La notizia ha il sapore di quelle mosse che cambiano il baricentro del potere tecnologico. Mira Murati, l’ex CTO di OpenAI e per un breve ma intenso periodo CEO ad interim nel caos del 2023, ha appena chiuso un round di finanziamento da 2 miliardi di dollari per la sua nuova creatura, Thinking Machines Lab. Andreessen Horowitz – sì, il solito a16z che annusa il sangue fresco dell’innovazione meglio di un hedge fund in crisi di liquidità – ha guidato un’operazione che ha coinvolto Nvidia, AMD, Cisco, ServiceNow e qualche altro nome da collezione per chi gioca a fare il borsista tecnologico con NASDAQ come fossero figurine Panini.
Il messaggio è chiaro: l’ex regina di ChatGPT e Dall-E non è in pensione anticipata, anzi. La frase postata su X ha il tono di chi non chiede permesso per entrare nella stanza: “Stiamo costruendo un’AI multimodale che interagisce come fai tu con il mondo – conversando, guardando, collaborando in quel modo disordinato e umano che è la realtà”. È quasi poesia industriale, un misto di ambizione tecnica e marketing spregiudicato. La ciliegina? Promette un primo prodotto nei prossimi mesi, con “una significativa componente open-source” utile a ricercatori e startup per sviluppare modelli personalizzati. Tradotto per i non addetti: un’infrastruttura da cui potrebbe nascere un nuovo standard per la prossima generazione di intelligenze artificiali.

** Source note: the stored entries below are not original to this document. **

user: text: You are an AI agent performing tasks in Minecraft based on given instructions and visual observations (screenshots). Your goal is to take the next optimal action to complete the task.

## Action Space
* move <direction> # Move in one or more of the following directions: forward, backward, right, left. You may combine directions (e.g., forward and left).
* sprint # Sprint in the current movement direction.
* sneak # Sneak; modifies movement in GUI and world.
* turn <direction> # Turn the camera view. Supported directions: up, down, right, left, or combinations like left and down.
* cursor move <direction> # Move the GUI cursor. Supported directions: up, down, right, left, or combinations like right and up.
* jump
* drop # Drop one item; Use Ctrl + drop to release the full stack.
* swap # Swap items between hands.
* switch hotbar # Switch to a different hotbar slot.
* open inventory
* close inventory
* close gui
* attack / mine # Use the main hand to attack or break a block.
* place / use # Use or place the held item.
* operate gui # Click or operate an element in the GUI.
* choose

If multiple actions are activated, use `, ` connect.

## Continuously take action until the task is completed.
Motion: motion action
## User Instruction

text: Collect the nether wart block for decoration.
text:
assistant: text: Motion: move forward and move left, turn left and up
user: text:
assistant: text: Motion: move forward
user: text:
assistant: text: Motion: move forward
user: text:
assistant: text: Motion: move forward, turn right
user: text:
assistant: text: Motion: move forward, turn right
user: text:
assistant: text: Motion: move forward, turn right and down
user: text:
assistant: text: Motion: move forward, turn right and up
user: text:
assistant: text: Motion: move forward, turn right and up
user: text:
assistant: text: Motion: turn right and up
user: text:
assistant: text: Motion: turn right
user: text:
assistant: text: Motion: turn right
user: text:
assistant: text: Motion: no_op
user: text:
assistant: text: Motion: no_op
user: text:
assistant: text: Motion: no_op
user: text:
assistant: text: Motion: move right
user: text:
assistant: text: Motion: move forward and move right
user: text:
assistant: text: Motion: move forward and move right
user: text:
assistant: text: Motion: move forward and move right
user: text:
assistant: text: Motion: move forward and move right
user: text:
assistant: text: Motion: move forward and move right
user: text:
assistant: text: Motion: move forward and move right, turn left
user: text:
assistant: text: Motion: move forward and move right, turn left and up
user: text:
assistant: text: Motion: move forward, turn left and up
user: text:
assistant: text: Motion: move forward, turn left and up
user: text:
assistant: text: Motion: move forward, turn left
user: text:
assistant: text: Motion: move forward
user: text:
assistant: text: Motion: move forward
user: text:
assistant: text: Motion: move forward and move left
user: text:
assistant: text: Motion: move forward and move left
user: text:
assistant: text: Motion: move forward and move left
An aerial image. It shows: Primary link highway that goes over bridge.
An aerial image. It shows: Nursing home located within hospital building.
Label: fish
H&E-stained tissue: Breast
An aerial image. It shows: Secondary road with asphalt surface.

Per chi pensa che si tratti solo di chiacchiere, basta scorrere i nomi dei cofondatori per capire che qui si gioca una partita pesante. John Schulman, Barrett Zoph, Lilian Weng, Andrew Tulloch, Luke Metz – non sono semplici ex OpenAI, sono i progettisti di ciò che oggi consideriamo il cuore pulsante dell’AI moderna. Gente che ha scritto codice mentre il mondo ancora pensava che il deep learning fosse un vezzo accademico. La stessa Murati, ricordiamolo, è stata la regista di ChatGPT, Dall-E, Codex e Sora. Prima ancora, ha lavorato in Tesla sul Model X, il che significa che il suo curriculum parla di hardware, software e di quella sottile capacità di trasformare ingegneria in storytelling da miliardi.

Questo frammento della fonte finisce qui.